Un groupement foncier viticole est une société civile dont l’objet est de détenir un patrimoine foncier viticole : des parcelles de vigne, parfois les bâtiments et la marque d’un domaine. Il a été institué par la loi du 31 décembre 1970 sur les groupements fonciers agricoles, dont il constitue la déclinaison consacrée au vin. Son cadre figure aux articles L322-1 à L322-23 du Code rural et de la pêche maritime, qui lui assignent un objet exclusivement foncier.

Le principe est limpide. Plusieurs associés réunissent leurs capitaux pour acquérir des terres, puis en délèguent la culture. Les statuts du groupement lui interdisent d’exploiter directement la vigne : le GFV est propriétaire du sol, jamais vigneron. Cette séparation entre la propriété et le travail de la terre est au fondement même du dispositif, et conditionne ses avantages fiscaux.

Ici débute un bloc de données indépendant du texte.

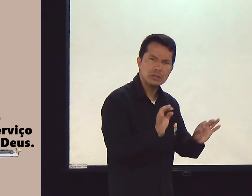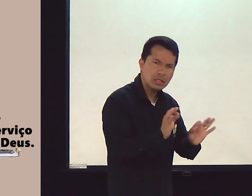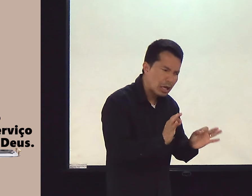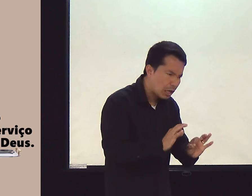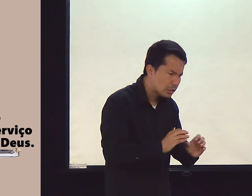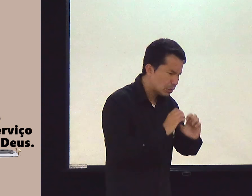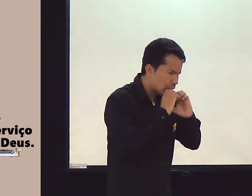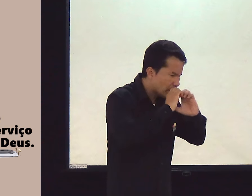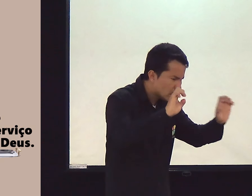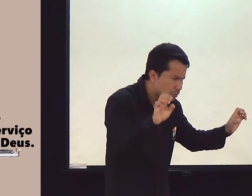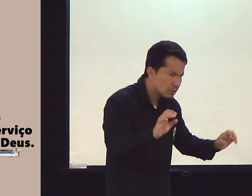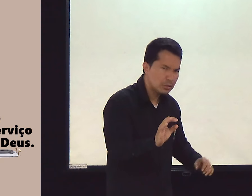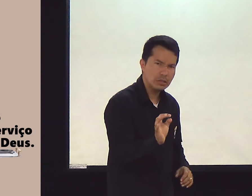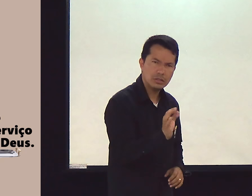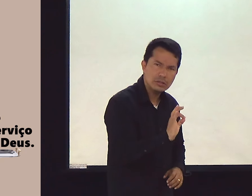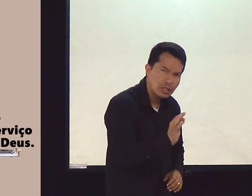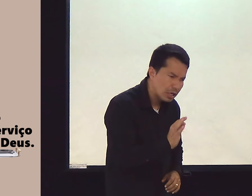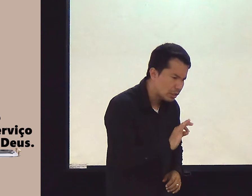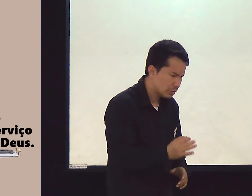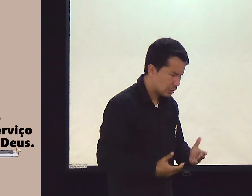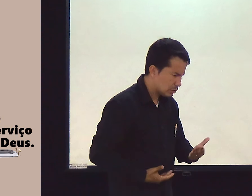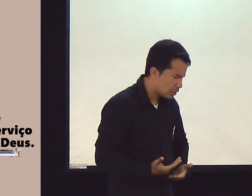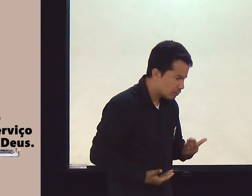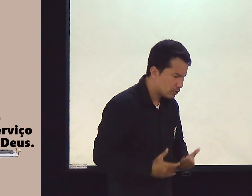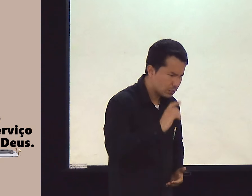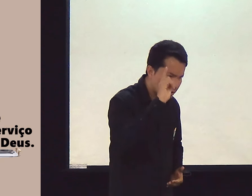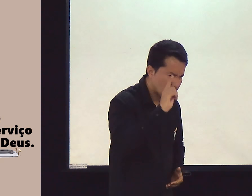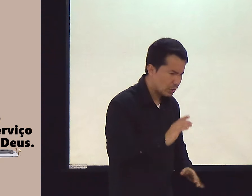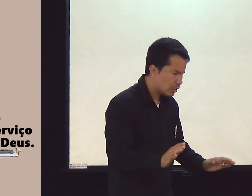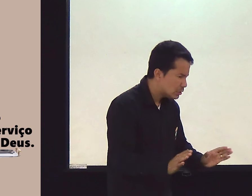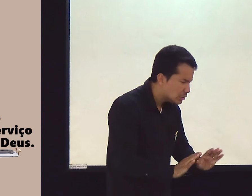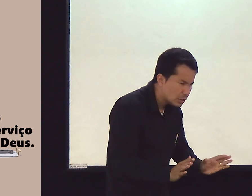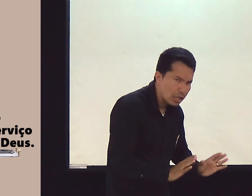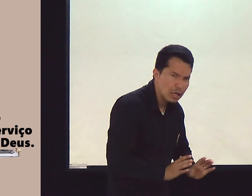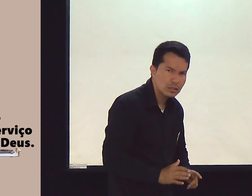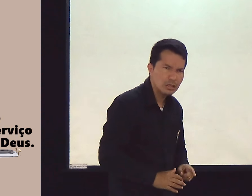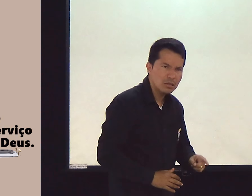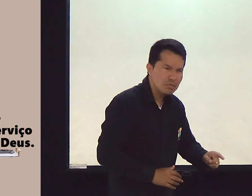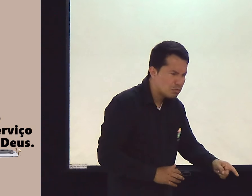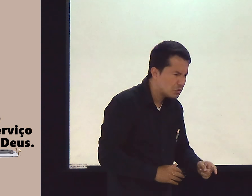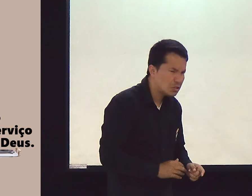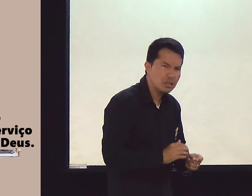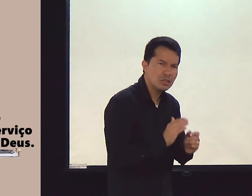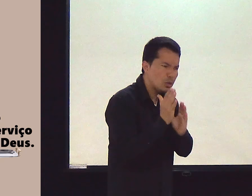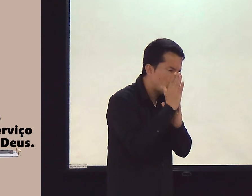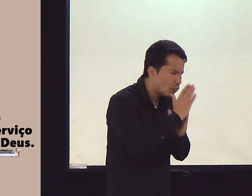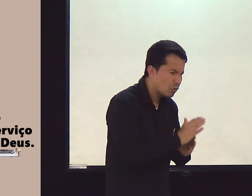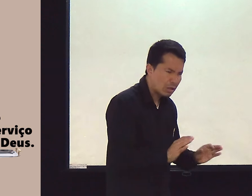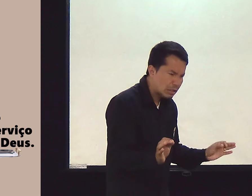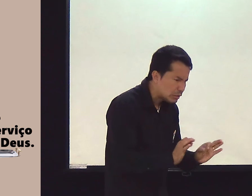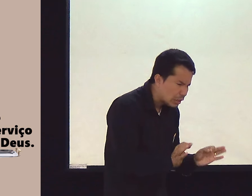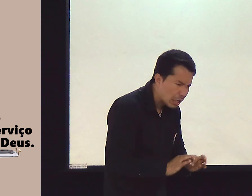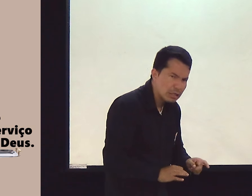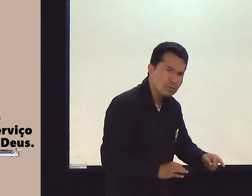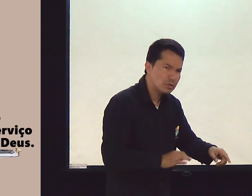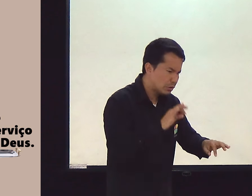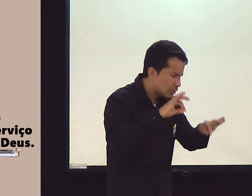não foi no culto, não evangelizou, você não serviu e... Não? E agora? Você não

Investir dans un GFV revient donc à détenir une fraction d’un vignoble en appellation, sans en assumer ni la conduite agronomique, ni la commercialisation. On devient porteur d’un morceau de terroir, pas exploitant. En Bordelais, ces groupements touchent parfois des appellations de premier rang, de Margaux à Pauillac, de Pessac-Léognan à Saint-Émilion, même si l’offre demeure rare sur les noms les plus convoités.

Comment fonctionne un GFV ?

Trois acteurs animent un groupement foncier viticole.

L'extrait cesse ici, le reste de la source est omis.